Stanislav Kadmenski

—Si le parece podemos hablar ahora un poco sobre extraterrestres…

Lanzo el platillo sobre la mesa. Casi como si estuviera pidiendo limosna. Ha sonado a metal hueco, como el Yelmo de Mambrino rebotando contra la mesa de madera de una tasca castellana o un baquetazo mal sincronizado contra el platillo de una batería. Noto cierto desconcierto en su mirada. Un mohín de estupor. Me río un poco. Él carraspea serio. Frunce el entrecejo. Siento que le he decepcionado. «Otro periodista que viene a lo mismo», pienso que piensa. Su alegre disposición de ánimo se ha enfriado súbitamente, como un reactor nuclear apagado de improviso. Sigo hablando, pero me atropello, como si quisiera tapar el vacío cósmico en expansión que se impone entre nosotros. El giro ha sido muy brusco.

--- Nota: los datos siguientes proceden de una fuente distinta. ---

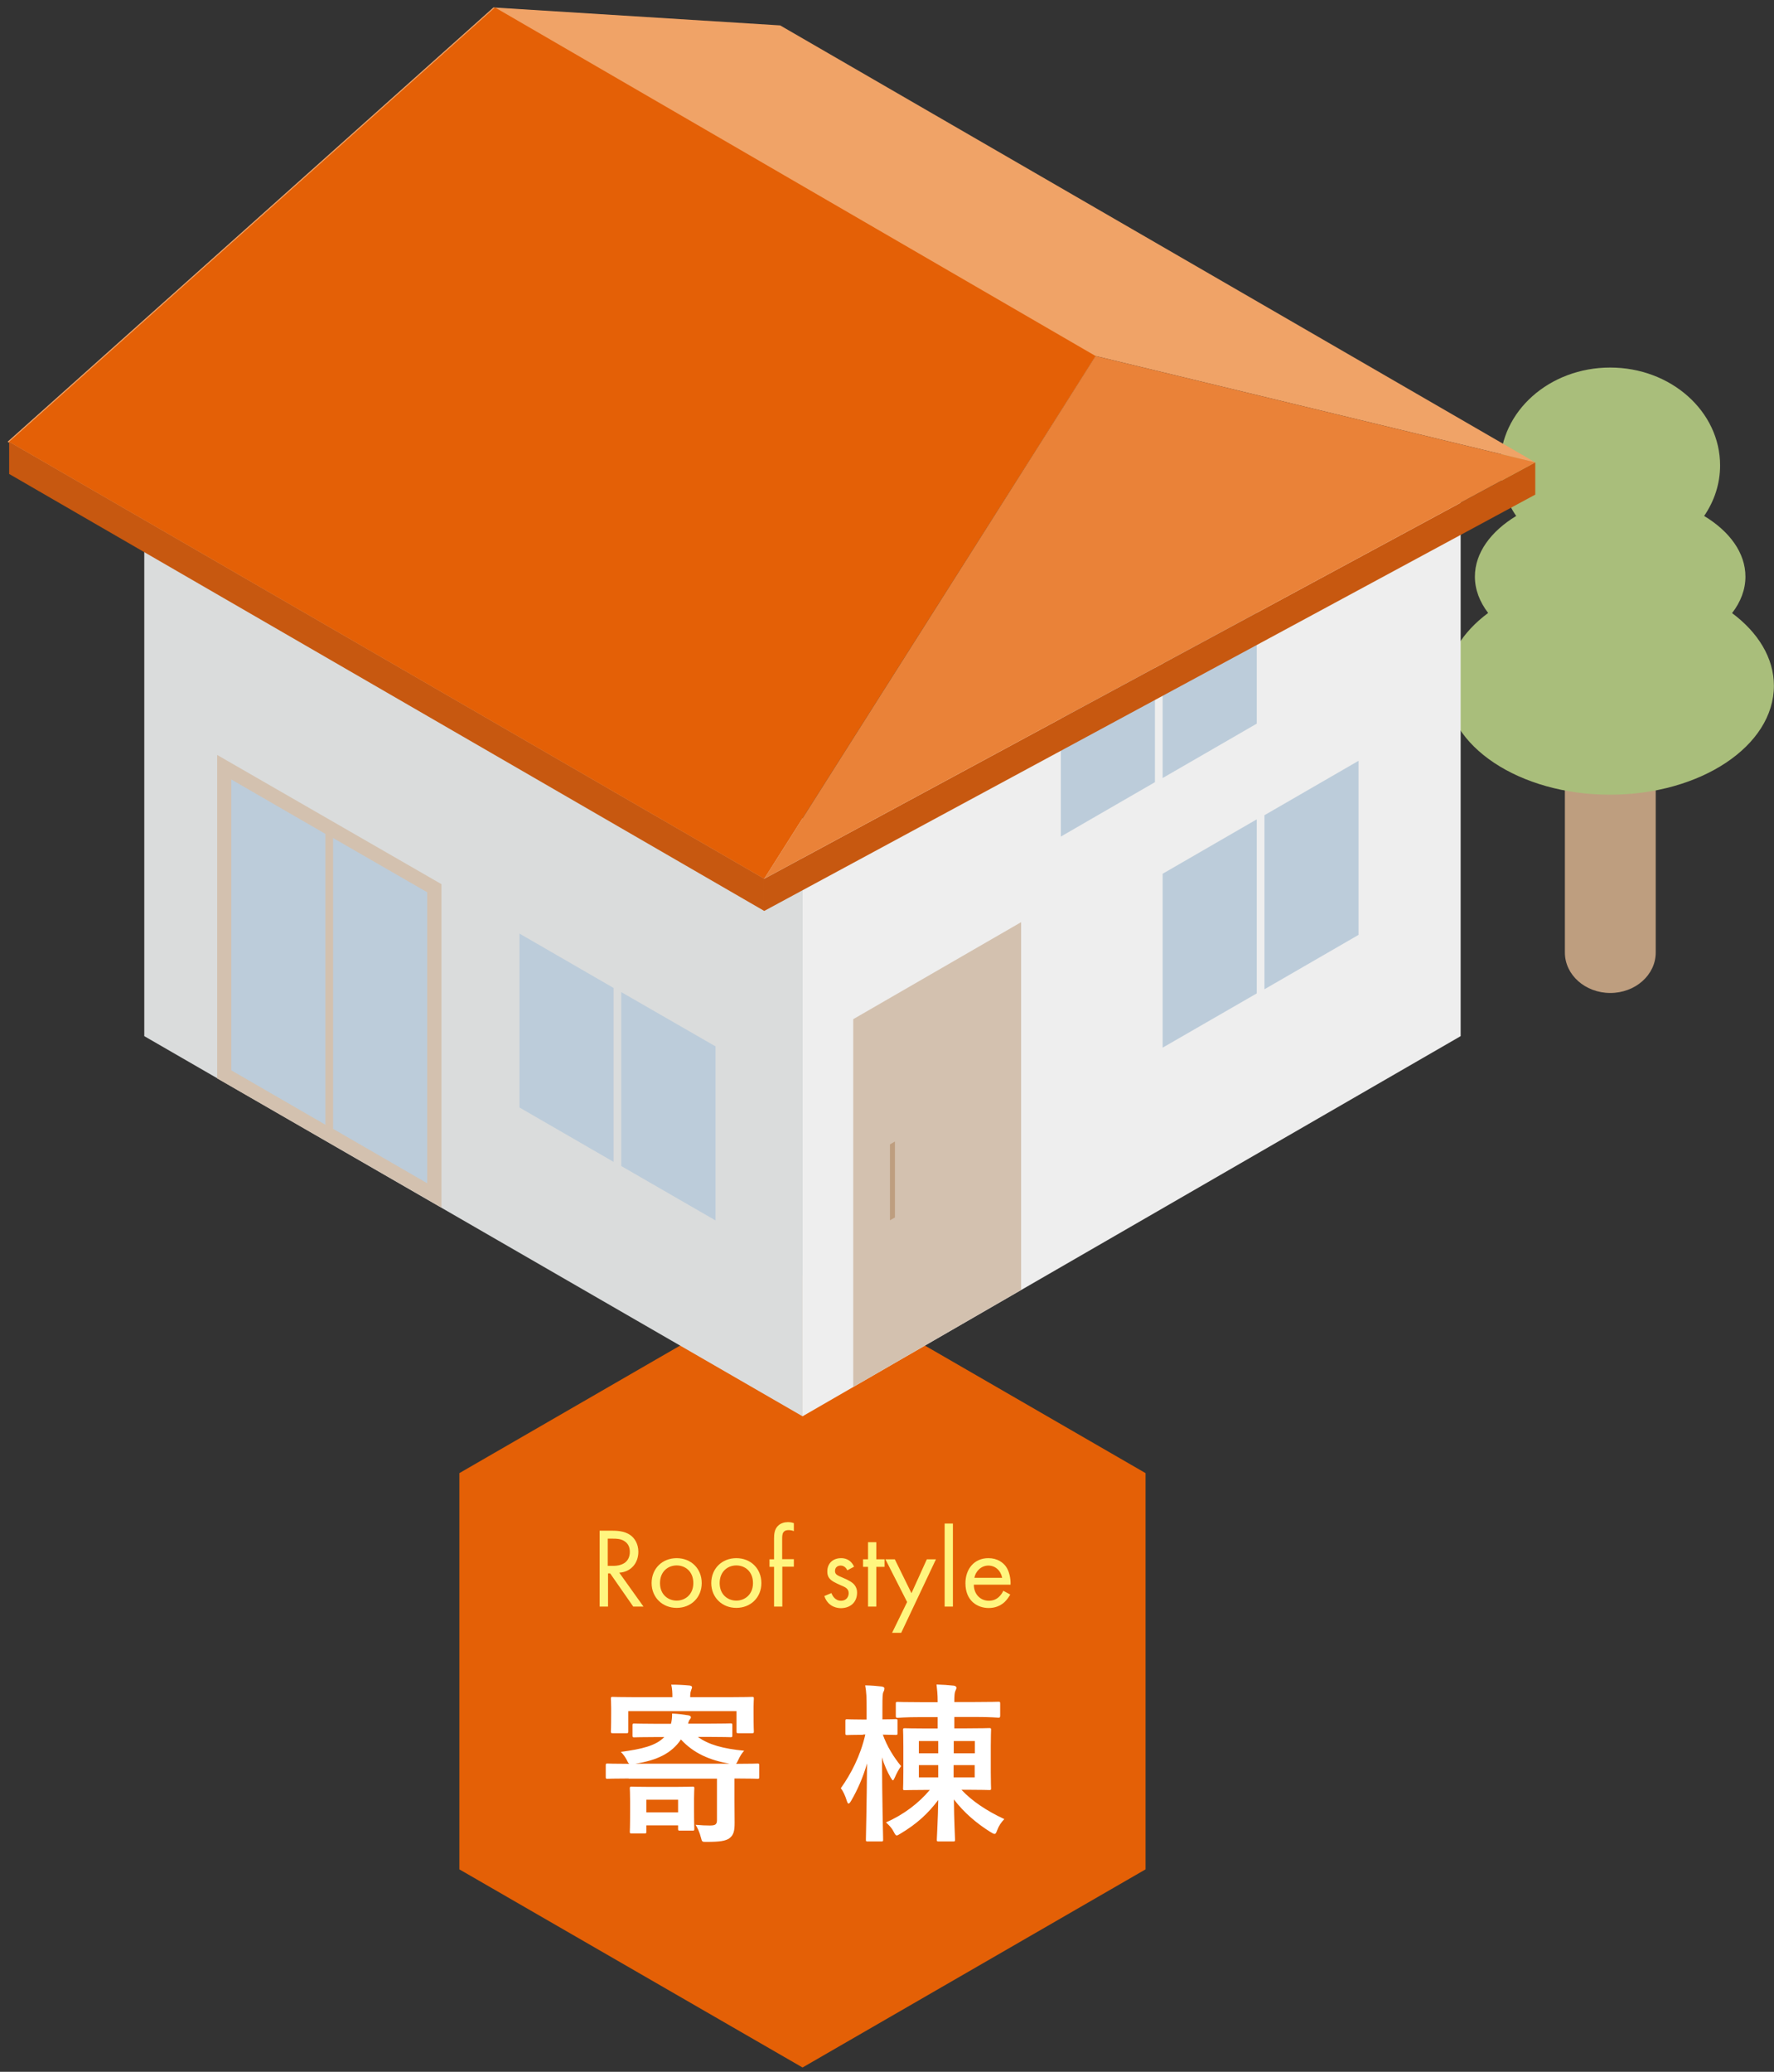 <svg width="203" height="237" viewBox="0 0 203 237" fill="none" xmlns="http://www.w3.org/2000/svg">
<rect x="0" y="0" width="203" height="237" fill="#333333" stroke="none"/>
<path d="M131.086 213.843V168.515L91.835 145.834L52.567 168.515V213.843L91.835 236.508L131.086 213.843Z" fill="#E46006"/>
<path d="M69.985 175.099C70.572 175.099 71.452 175.131 72.103 175.587C72.608 175.93 73.048 176.598 73.048 177.51C73.048 178.846 72.168 179.824 70.865 179.905L73.635 183.783H72.462L69.822 179.987H69.578V183.783H68.617V175.099H70.018H69.985ZM69.545 179.123H70.164C71.37 179.123 72.071 178.553 72.071 177.526C72.071 177.038 71.924 176.565 71.386 176.255C70.995 176.027 70.555 176.011 70.132 176.011H69.545V179.123Z" fill="#FFF67F"/>
<path d="M74.564 181.095C74.564 179.449 75.769 178.243 77.431 178.243C79.093 178.243 80.299 179.449 80.299 181.095C80.299 182.74 79.077 183.93 77.431 183.93C75.786 183.93 74.564 182.724 74.564 181.095ZM75.525 181.095C75.525 182.431 76.47 183.099 77.431 183.099C78.393 183.099 79.338 182.414 79.338 181.095C79.338 179.775 78.425 179.074 77.431 179.074C76.438 179.074 75.525 179.775 75.525 181.095Z" fill="#FFF67F"/>
<path d="M81.391 181.095C81.391 179.449 82.597 178.243 84.258 178.243C85.92 178.243 87.126 179.449 87.126 181.095C87.126 182.74 85.904 183.93 84.258 183.93C82.613 183.93 81.391 182.724 81.391 181.095ZM82.352 181.095C82.352 182.431 83.297 183.099 84.258 183.099C85.22 183.099 86.165 182.414 86.165 181.095C86.165 179.775 85.252 179.074 84.258 179.074C83.265 179.074 82.352 179.775 82.352 181.095Z" fill="#FFF67F"/>
<path d="M89.521 179.236V183.782H88.576V179.236H88.055V178.373H88.576V176.01C88.576 175.521 88.609 174.886 89.098 174.479C89.358 174.25 89.749 174.12 90.173 174.12C90.515 174.12 90.727 174.202 90.841 174.234V175.147C90.645 175.065 90.417 175.033 90.222 175.033C90.01 175.033 89.766 175.081 89.619 175.326C89.505 175.521 89.505 175.815 89.505 176.108V178.356H90.841V179.22H89.505L89.521 179.236Z" fill="#FFF67F"/>
<path d="M96.951 179.628C96.821 179.319 96.544 179.09 96.202 179.09C95.859 179.09 95.55 179.286 95.55 179.71C95.55 180.101 95.811 180.215 96.43 180.475C97.212 180.801 97.57 181.046 97.782 181.306C98.01 181.6 98.075 181.877 98.075 182.186C98.075 183.327 97.261 183.962 96.218 183.962C95.99 183.962 94.784 183.93 94.328 182.577L95.142 182.235C95.24 182.528 95.566 183.115 96.234 183.115C96.853 183.115 97.114 182.659 97.114 182.251C97.114 181.746 96.756 181.567 96.234 181.355C95.582 181.062 95.159 180.866 94.914 180.557C94.703 180.296 94.67 180.035 94.67 179.758C94.67 178.813 95.338 178.243 96.25 178.243C96.544 178.243 97.309 178.292 97.733 179.221L96.967 179.628H96.951Z" fill="#FFF67F"/>
<path d="M100.275 179.237V183.783H99.33V179.237H98.76V178.373H99.33V176.418H100.275V178.373H101.22V179.237H100.275Z" fill="#FFF67F"/>
<path d="M103.811 183.277L101.318 178.373H102.393L104.3 182.251L106.059 178.373H107.102L103.126 186.781H102.084L103.794 183.277H103.811Z" fill="#FFF67F"/>
<path d="M109.041 174.284V183.783H108.096V174.284H109.041Z" fill="#FFF67F"/>
<path d="M115.607 182.398C115.444 182.691 115.216 183.017 114.939 183.278C114.45 183.718 113.831 183.946 113.147 183.946C111.843 183.946 110.475 183.131 110.475 181.111C110.475 179.498 111.469 178.243 113.098 178.243C114.157 178.243 114.809 178.765 115.135 179.237C115.477 179.726 115.672 180.557 115.64 181.274H111.436C111.436 182.398 112.218 183.115 113.147 183.115C113.587 183.115 113.945 182.985 114.255 182.724C114.499 182.512 114.695 182.235 114.809 181.974L115.591 182.398H115.607ZM114.679 180.492C114.516 179.644 113.88 179.09 113.098 179.09C112.316 179.09 111.648 179.693 111.501 180.492H114.679Z" fill="#FFF67F"/>
<path d="M71.941 203.448C70.213 203.448 69.627 203.481 69.513 203.481C69.334 203.481 69.317 203.465 69.317 203.269V201.966C69.317 201.754 69.334 201.738 69.513 201.738C69.627 201.738 70.213 201.77 71.941 201.77H72.006C71.892 201.689 71.826 201.558 71.696 201.281C71.517 200.956 71.305 200.662 71.044 200.402C73.423 200.092 75.069 199.701 76.014 198.707H75.134C73.358 198.707 72.706 198.74 72.592 198.74C72.397 198.74 72.38 198.723 72.38 198.528V197.371C72.38 197.175 72.397 197.159 72.592 197.159C72.706 197.159 73.358 197.192 75.134 197.192H76.78C76.877 196.817 76.91 196.475 76.91 196.019C77.611 196.051 78.083 196.116 78.735 196.214C78.947 196.247 79.061 196.328 79.061 196.442C79.061 196.54 78.996 196.638 78.898 196.752C78.833 196.833 78.8 196.947 78.735 197.175H81.114C82.841 197.175 83.476 197.143 83.59 197.143C83.786 197.143 83.802 197.159 83.802 197.355V198.511C83.802 198.707 83.786 198.723 83.59 198.723C83.476 198.723 82.825 198.691 81.114 198.691H79.859C81.097 199.587 82.759 200.043 85.155 200.271C84.878 200.564 84.666 200.923 84.487 201.314C84.373 201.542 84.307 201.689 84.226 201.77H84.258C85.986 201.77 86.572 201.738 86.686 201.738C86.865 201.738 86.882 201.754 86.882 201.966V203.269C86.882 203.465 86.865 203.481 86.686 203.481C86.572 203.481 85.986 203.448 84.258 203.448H84.047V205.99C84.047 206.886 84.063 207.717 84.063 208.499C84.063 209.379 83.981 209.901 83.46 210.292C83.004 210.601 82.352 210.699 80.837 210.699C80.364 210.699 80.332 210.715 80.218 210.243C80.055 209.591 79.843 209.151 79.599 208.744C80.315 208.809 80.739 208.825 81.228 208.825C81.847 208.825 82.043 208.711 82.043 208.206V203.465H71.924L71.941 203.448ZM83.46 194.145C85.285 194.145 85.92 194.112 86.051 194.112C86.246 194.112 86.263 194.128 86.263 194.324C86.263 194.438 86.23 194.78 86.23 195.236V196.002C86.23 197.648 86.263 197.941 86.263 198.055C86.263 198.251 86.246 198.267 86.051 198.267H84.487C84.291 198.267 84.275 198.251 84.275 198.055V195.742H71.892V198.055C71.892 198.251 71.875 198.267 71.68 198.267H70.132C69.92 198.267 69.904 198.251 69.904 198.055C69.904 197.925 69.936 197.648 69.936 196.002V195.383C69.936 194.78 69.904 194.471 69.904 194.324C69.904 194.128 69.92 194.112 70.132 194.112C70.246 194.112 70.898 194.145 72.739 194.145H76.943C76.943 193.64 76.926 193.2 76.812 192.711C77.513 192.711 78.213 192.744 78.882 192.809C79.077 192.825 79.191 192.906 79.191 193.004C79.191 193.135 79.11 193.232 79.077 193.395C79.012 193.558 78.979 193.754 78.979 194.145H83.476H83.46ZM72.299 209.738C72.087 209.738 72.071 209.721 72.071 209.526C72.071 209.412 72.103 209.021 72.103 206.984V206.072C72.103 205.11 72.071 204.687 72.071 204.589C72.071 204.393 72.087 204.377 72.299 204.377C72.413 204.377 72.918 204.41 74.417 204.41H77.154C78.637 204.41 79.11 204.377 79.24 204.377C79.436 204.377 79.452 204.393 79.452 204.589C79.452 204.687 79.419 205.078 79.419 205.778V206.789C79.419 208.728 79.452 209.07 79.452 209.2C79.452 209.396 79.436 209.412 79.24 209.412H77.806C77.611 209.412 77.594 209.396 77.594 209.2V208.809H73.961V209.526C73.961 209.721 73.945 209.738 73.749 209.738H72.299ZM83.476 201.754C81.244 201.363 79.387 200.581 77.92 198.984C76.861 200.564 75.167 201.379 72.706 201.754H83.476ZM73.961 207.326H77.594V205.876H73.961V207.326Z" fill="white"/>
<path d="M98.776 198.447C97.472 198.447 97.082 198.48 96.935 198.48C96.756 198.48 96.739 198.463 96.739 198.268V196.883C96.739 196.687 96.756 196.671 96.935 196.671C97.065 196.671 97.456 196.704 98.776 196.704H99.167V195.416C99.167 194.243 99.151 193.575 99.004 192.793C99.754 192.809 100.308 192.858 100.878 192.923C101.073 192.956 101.204 193.021 101.204 193.135C101.204 193.298 101.171 193.396 101.09 193.543C100.992 193.771 100.976 194.08 100.976 195.384V196.687C102.018 196.687 102.361 196.655 102.507 196.655C102.686 196.655 102.703 196.671 102.703 196.866V198.251C102.703 198.447 102.686 198.463 102.507 198.463C102.377 198.463 102.018 198.447 101.024 198.431C101.497 199.767 102.263 201.005 103.11 202.032C102.849 202.39 102.589 202.879 102.393 203.335C102.295 203.547 102.23 203.661 102.181 203.661C102.132 203.661 102.051 203.563 101.921 203.351C101.53 202.651 101.171 201.901 100.927 201.021C100.943 206.105 101.057 210.129 101.057 210.439C101.057 210.635 101.041 210.651 100.829 210.651H99.297C99.102 210.651 99.086 210.635 99.086 210.439C99.086 210.129 99.183 206.317 99.216 201.722C98.76 203.319 98.108 204.785 97.391 206.007C97.277 206.203 97.179 206.317 97.098 206.317C97.016 206.317 96.967 206.203 96.886 205.958C96.723 205.421 96.462 204.867 96.218 204.557C97.375 202.928 98.45 200.891 99.02 198.414H98.76L98.776 198.447ZM110.035 204.753C111.224 206.023 112.87 207.131 114.923 208.093C114.565 208.467 114.304 208.842 114.108 209.364C113.994 209.673 113.929 209.787 113.815 209.787C113.701 209.787 113.554 209.706 113.342 209.575C111.681 208.533 110.296 207.327 109.155 205.844C109.171 208.158 109.285 210.146 109.285 210.439C109.285 210.635 109.269 210.651 109.074 210.651H107.428C107.216 210.651 107.2 210.635 107.2 210.439C107.2 210.146 107.33 208.191 107.363 205.909C106.206 207.441 104.951 208.614 103.045 209.755C102.833 209.885 102.686 209.967 102.621 209.967C102.507 209.967 102.426 209.852 102.263 209.543C102.035 209.07 101.693 208.761 101.383 208.468C103.42 207.588 105.163 206.235 106.401 204.753H106.092C104.316 204.753 103.697 204.785 103.55 204.785C103.355 204.785 103.338 204.769 103.338 204.59C103.338 204.459 103.371 203.938 103.371 202.716V199.767C103.371 198.561 103.338 198.04 103.338 197.909C103.338 197.714 103.355 197.697 103.55 197.697C103.68 197.697 104.316 197.73 106.092 197.73H107.298V196.427H105.375C103.485 196.427 102.817 196.508 102.703 196.508C102.524 196.508 102.507 196.443 102.507 196.247V194.911C102.507 194.699 102.524 194.683 102.703 194.683C102.817 194.683 103.485 194.716 105.375 194.716H107.298C107.298 193.754 107.232 193.314 107.167 192.695C107.852 192.712 108.52 192.76 109.139 192.826C109.318 192.842 109.448 192.956 109.448 193.054C109.448 193.184 109.367 193.331 109.318 193.445C109.237 193.64 109.204 193.934 109.204 194.699H111.583C113.473 194.699 114.141 194.667 114.255 194.667C114.434 194.667 114.45 194.683 114.45 194.895V196.231C114.45 196.427 114.434 196.492 114.255 196.492C114.141 196.492 113.473 196.41 111.583 196.41H109.204V197.714H110.654C112.43 197.714 113.049 197.681 113.196 197.681C113.391 197.681 113.408 197.697 113.408 197.893C113.408 198.007 113.375 198.545 113.375 199.75V202.7C113.375 203.938 113.408 204.459 113.408 204.573C113.408 204.753 113.391 204.769 113.196 204.769C113.065 204.769 112.43 204.736 110.654 204.736H110.051L110.035 204.753ZM107.363 200.565V199.164H105.147V200.565H107.363ZM107.363 203.319V201.917H105.147V203.319H107.363ZM109.139 199.164V200.565H111.55V199.164H109.139ZM111.534 201.917H109.122V203.319H111.534V201.917Z" fill="white"/>
<path d="M179.071 72.856V108.963C179.071 111.521 181.401 113.59 184.268 113.59C187.136 113.59 189.466 111.521 189.466 108.963V72.856H179.087H179.071Z" fill="#BE9E7F"/>
<path d="M198.216 70.119C199.177 68.864 199.731 67.463 199.731 65.964C199.731 63.243 197.922 60.782 195.006 59.023C196.163 57.328 196.831 55.357 196.831 53.239C196.831 47.063 191.209 42.045 184.252 42.045C177.295 42.045 171.673 47.063 171.673 53.239C171.673 55.357 172.341 57.345 173.498 59.023C170.598 60.782 168.773 63.243 168.773 65.964C168.773 67.447 169.327 68.864 170.288 70.119C167.307 72.335 165.482 75.235 165.482 78.445C165.482 85.337 173.873 90.909 184.236 90.909C194.599 90.909 202.99 85.321 202.99 78.445C202.99 75.251 201.165 72.335 198.183 70.119H198.216Z" fill="#A9BE7B"/>
<path d="M16.51 118.528L91.835 162.015V86.494L16.51 43.007V118.528Z" fill="#DADCDC"/>
<path d="M167.144 118.528L91.835 162.015V95.733L134.622 48.286L167.144 52.245V118.528Z" fill="#EEEEEE"/>
<path d="M97.635 158.657L116.846 147.561V105.491L97.635 116.587V158.657Z" fill="#D3C1AF"/>
<path d="M102.409 139.268L101.839 139.594V130.91L102.409 130.584V139.268Z" fill="#BE9E7F"/>
<path d="M71.093 133.387L81.879 139.611V119.7L71.093 113.492V133.387Z" fill="#BCCCDA"/>
<path d="M59.443 126.688L70.213 132.913V113.018L59.443 106.794V126.688Z" fill="#BCCCDA"/>
<path d="M50.514 101.141L24.852 86.362V123.365L50.514 138.143V101.141Z" fill="#D3C1AF"/>
<path d="M38.115 129.133L48.885 135.357V102.069L38.115 95.861V129.133Z" fill="#BCCCDA"/>
<path d="M26.465 122.438L37.235 128.662V95.39L26.465 89.166V122.438Z" fill="#BCCCDA"/>
<path d="M132.161 89.475L121.391 95.699V75.804L132.161 69.58V89.475Z" fill="#BCCCDA"/>
<path d="M143.811 82.779L133.041 89.003V69.109L143.811 62.885V82.779Z" fill="#BCCCDA"/>
<path d="M143.811 113.638L133.041 119.846V99.952L143.811 93.728V113.638Z" fill="#BCCCDA"/>
<path d="M155.461 106.942L144.691 113.166V93.255L155.461 87.031V106.942Z" fill="#BCCCDA"/>
<path d="M0.868 50.534L56.462 0.854L89.277 2.907L175.682 52.896L125.367 40.725L87.289 100.522L0.868 50.534Z" fill="#F0A367"/>
<path d="M125.367 40.725L87.452 100.522L1.047 50.534L56.641 0.854L125.367 40.725Z" fill="#E46006"/>
<path d="M87.452 100.523L1.047 50.534V54.217L87.452 104.205V100.523Z" fill="#C75810"/>
<path d="M87.452 104.206V100.524L175.682 52.898V56.58L87.452 104.206Z" fill="#C75810"/>
<path d="M87.452 100.521L175.682 52.895L125.367 40.724L87.452 100.521Z" fill="#EA8238"/>
</svg>

Me aturullo un poco:

—Como ya le conté por teléfono, esta historia forma parte de mi infancia, la URSS era un misterio para nosotros, no sabíamos bien lo que ocurría en este país tan hermético y, de repente, aparece en los medios esta noticia, que en Vorónezh hubo un caso ovni, incluso hicieron dibujos…

Sin darle tiempo a responder, le enseño la fotocopia de la crónica de Sotillo. Mira la hoja. Guarda silencio. Estábamos hablando del escudo antimisiles, de Libia, de las dos guerras mundiales y el ovni cae como un jarro de agua fría. Sigo hablando yo.

—Los medios dijeron esto: que un ovni aterrizó en Vorónezh, que de la nave salieron gigantes con tres ojos, y un robot, y que uno de los niños fue hecho desaparecer por el disparo de uno de ellos…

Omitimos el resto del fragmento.